Source: Graphs created by Jonathan Osters
This tutorial is going to teach you about outliers and influential points. Now, you may have understood the term "outliers" before when we were talking about univariate data. But in bivariate data, outliers are something a little bit different. So let's take a look at these two data sets.
By this point, you should automatically think to graph your data, graph your data, graph your data. Now, one thing that you might realize is that these seem kind all over the place, whereas these, all the x's except one are 8, which might be a dead giveaway to something. But take a look.
They have the same mean for the x's-- 9. They have the same mean for the y's-- around 750. Their standard deviation for the x's is the same. Their standard deviation for the y's is the same at 203. And their correlations are the same at 0.816 in the positive direction.
So based on all that information, you would think that these two graphs look pretty similar. The problem is, they don't. They both have what are called influential points that are changing a lot of the values. So an influential point is a point whose presence changes substantially a statistical measure. Usually the measure that we're talking about changing is correlation, but it also could affect any of those other measurements that we put on the previous page as well-- the mean of x or y and the standard deviation of x or y.

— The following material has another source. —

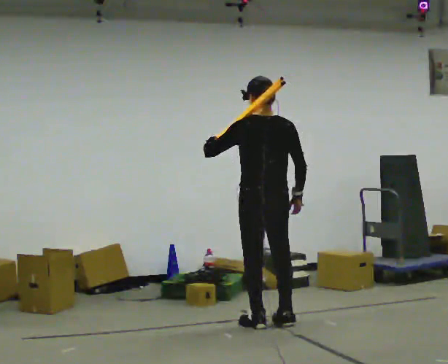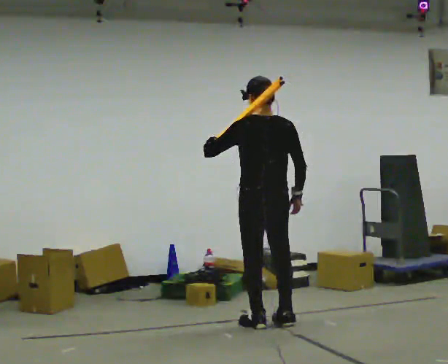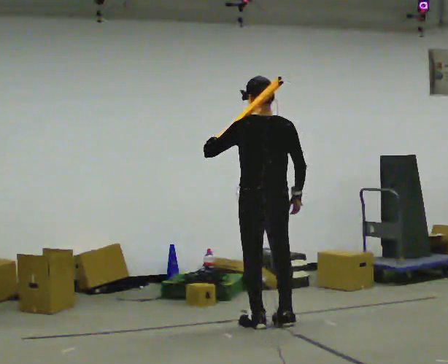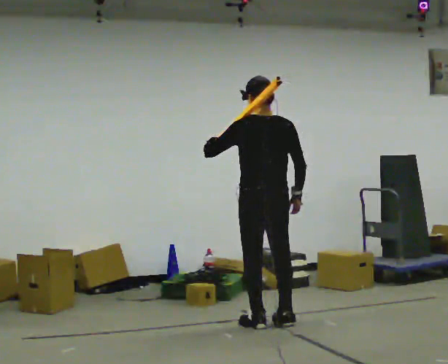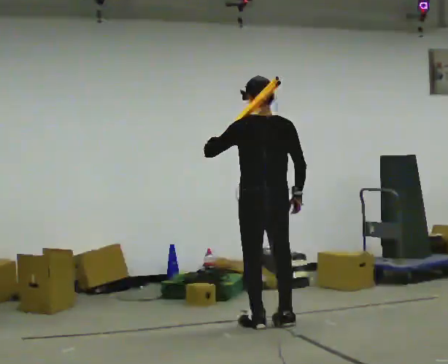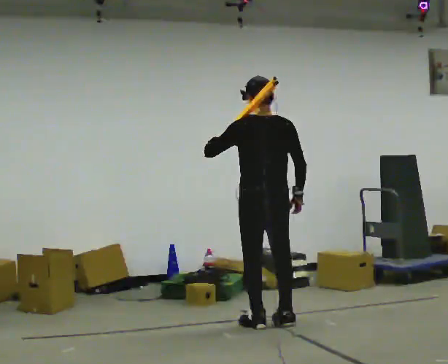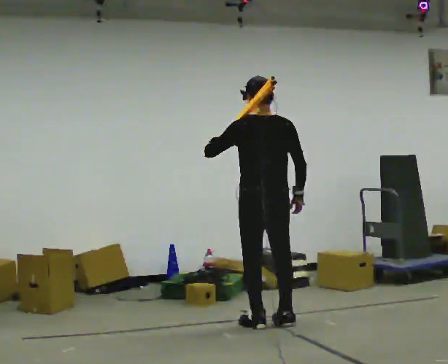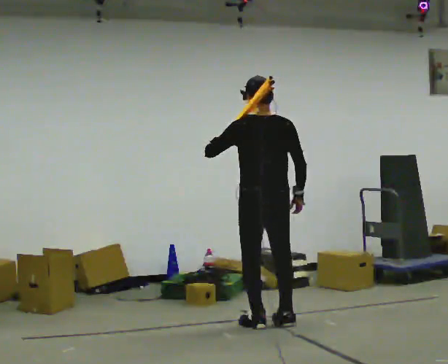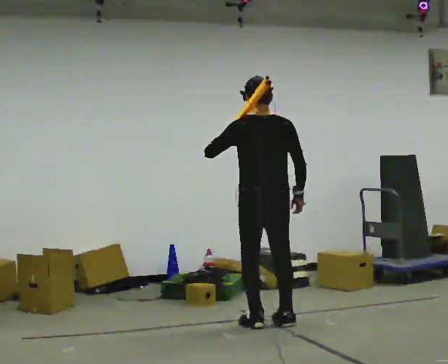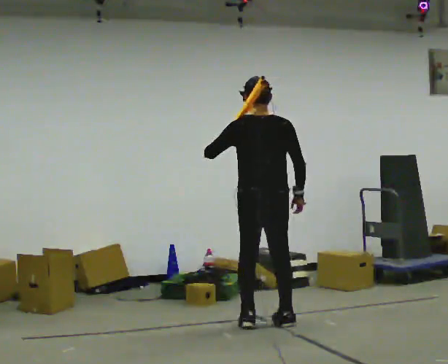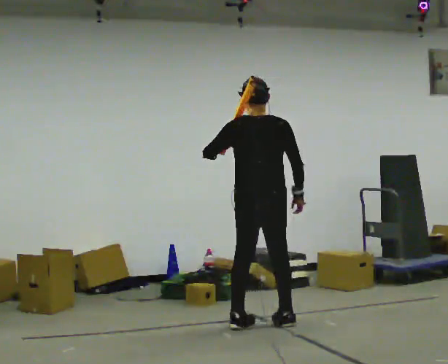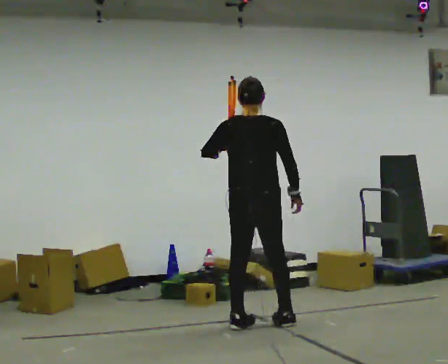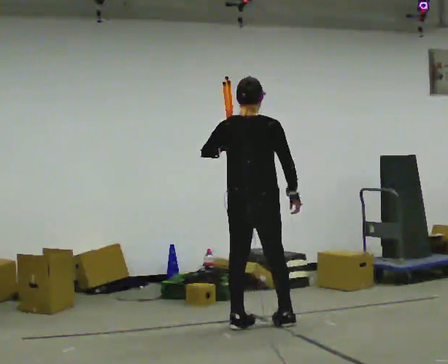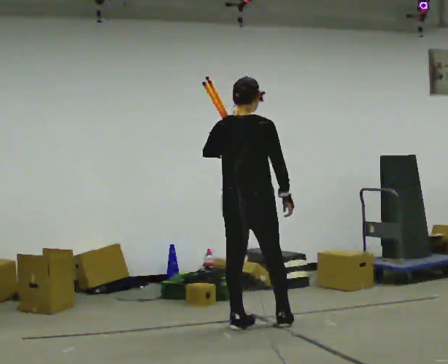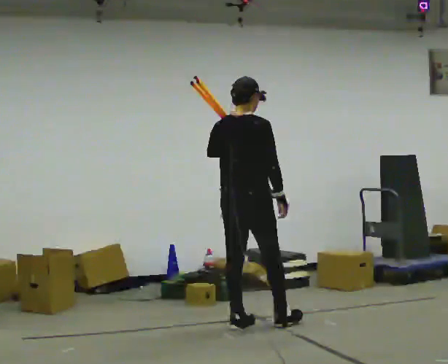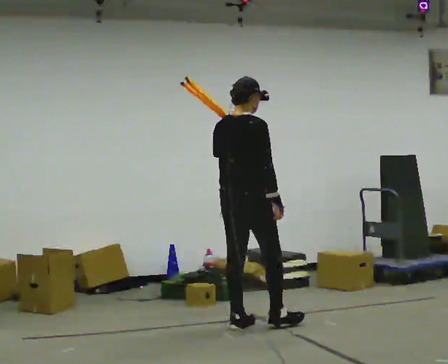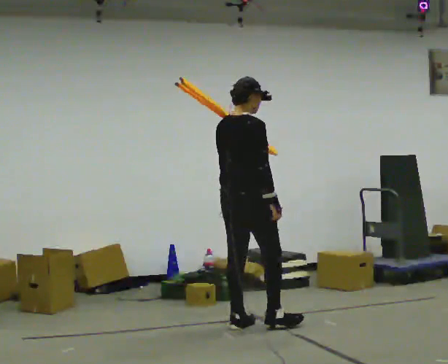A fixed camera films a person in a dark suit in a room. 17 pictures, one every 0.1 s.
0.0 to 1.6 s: The part of the body nearest the lens slides to the left as the person turns to their right by about 75 degrees. In the picture they go to the left, about 0.25 m in 1 step. In the picture their left hand goes to the right.
The film runs forward here.
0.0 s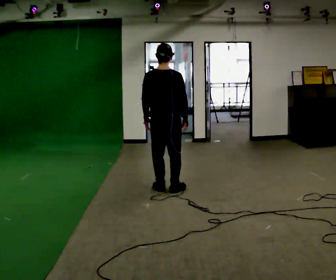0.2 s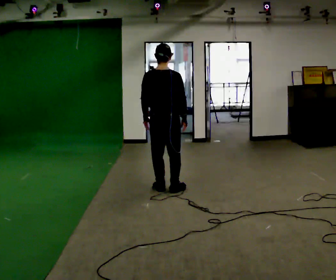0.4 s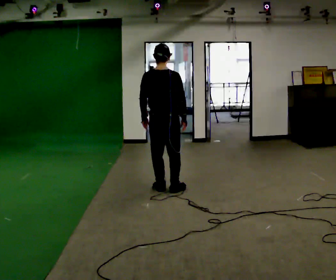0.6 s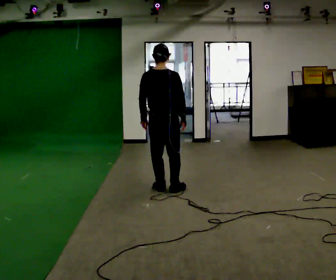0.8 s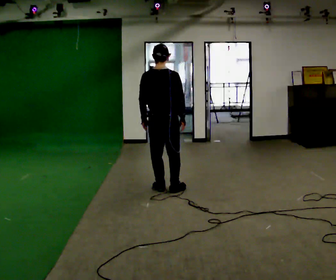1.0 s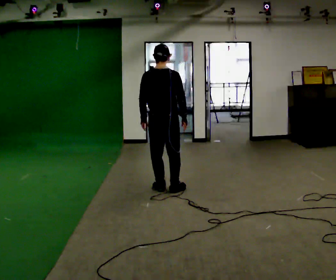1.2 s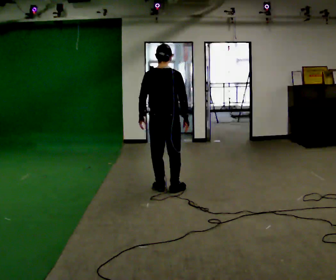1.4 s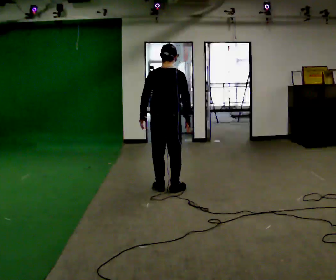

So, for instance, this scatterplot with this point has a correlation coefficient of 0.816, versus without it, the correlation coefficient is 1. The points line up exactly on the line. Conversely, if we look over here, this point is influential, and it changes all of these values substantially.
With it, the mean of x is 9, the standard deviation of x is 3.3, and the correlation coefficient is 0.816. Without it, the mean of x becomes 8 because all the x-values are 8. The standard deviation is 9 because they never deviate from 8, and the correlation is 0. So it changes all of these measures very substantially by being there. That point is certainly influential.
Other types of points that we're going to talk about are called outliers. Outliers deal with the form of the data set. Now, there's no hard-and-fast established definition to outliers. The one that I like to use deals with the form of the data set. So these are ones that substantially deviate from the pattern, from the form established by the remainder of the points.
Typically they are also influential points, but they don't have to be influential points by this definition. So these two influential points are, in fact, outliers. The form of the remainder of the points is a strong linear form this way. And with it, it diminishes that. The form of these points is a vertical line essentially, and with this point, it very much diminishes that.
So using that definition, we can talk about other examples of outliers. The thing about outliers is that they might be outliers in one direction but not the other. Both of these circled points are, in fact, outliers on the scatterplot because they don't fit the overall trend.
Now, if you look at this one, it's an outlier in the y-direction because it's so much higher than the other points. But it's sort of in the middle of the pack regarding the x's. So it's an outlier in the y-direction but not the x-direction.
This one is an outlier in the x-direction because it's so much further to the right of the other pack of points but not in the y-direction. If you look horizontally, it's sort of in the middle lower part of the y-direction. So it's an outlier in one direction but not the other. And in this case, because neither of them fit the overall trend provided by the other points, both of them are outliers
Now, an outlier might not be an outlier in either the x- or the y-direction so long as it doesn't fit the overall trend established by the rest of the data. Here it's a curve. And so this point here in the middle that doesn't fit that curve will be an outlier, as will that point way out there. There's no real relationship to the other points, and so it's just an outlier in both the x- and the y-direction. And then here, it's again an outlier in neither the x- nor the y-direction. But because the rest of the points follow this curved pattern and it's sort of out here in the middle of nowhere, that's going to be an outlier.
Some of those are influential, and some of those are not. Neither of these are going to have a great effect on the correlation or the least squares regression line that these data sets create. In these two cases, a line is an inappropriate model. But if you did make a line, having this point versus removing this point wouldn't affect that line or the correlation very much.
The same thing with this is. The correlation wouldn't change very much because the correlation already is very near to zero. This point, on the other hand, is influential. The correlation will increase from nearly zero without it to a positive correlation coefficient with it.
And so to recap, important points on a scatterplot are influential points and also outliers. Influential points substantially change at least one statistical measure. Outliers simply are points that deviate from the overall form of the rest of the points. They may be outliers in the x- or y-direction, but don't have to be, according to this definition. Be aware that different people use different definitions of outliers for scatterplots so there's not one hard-and-fast definition. So we talked about influential points and outliers.
Good luck, and we'll see you next time.
An observation that, if removed, significantly changes a statistical measure.
In a scatter plot, an outlier is an observation that has an extreme x value, an extreme y value, both an extreme x and y, or is well away from the main trend of points.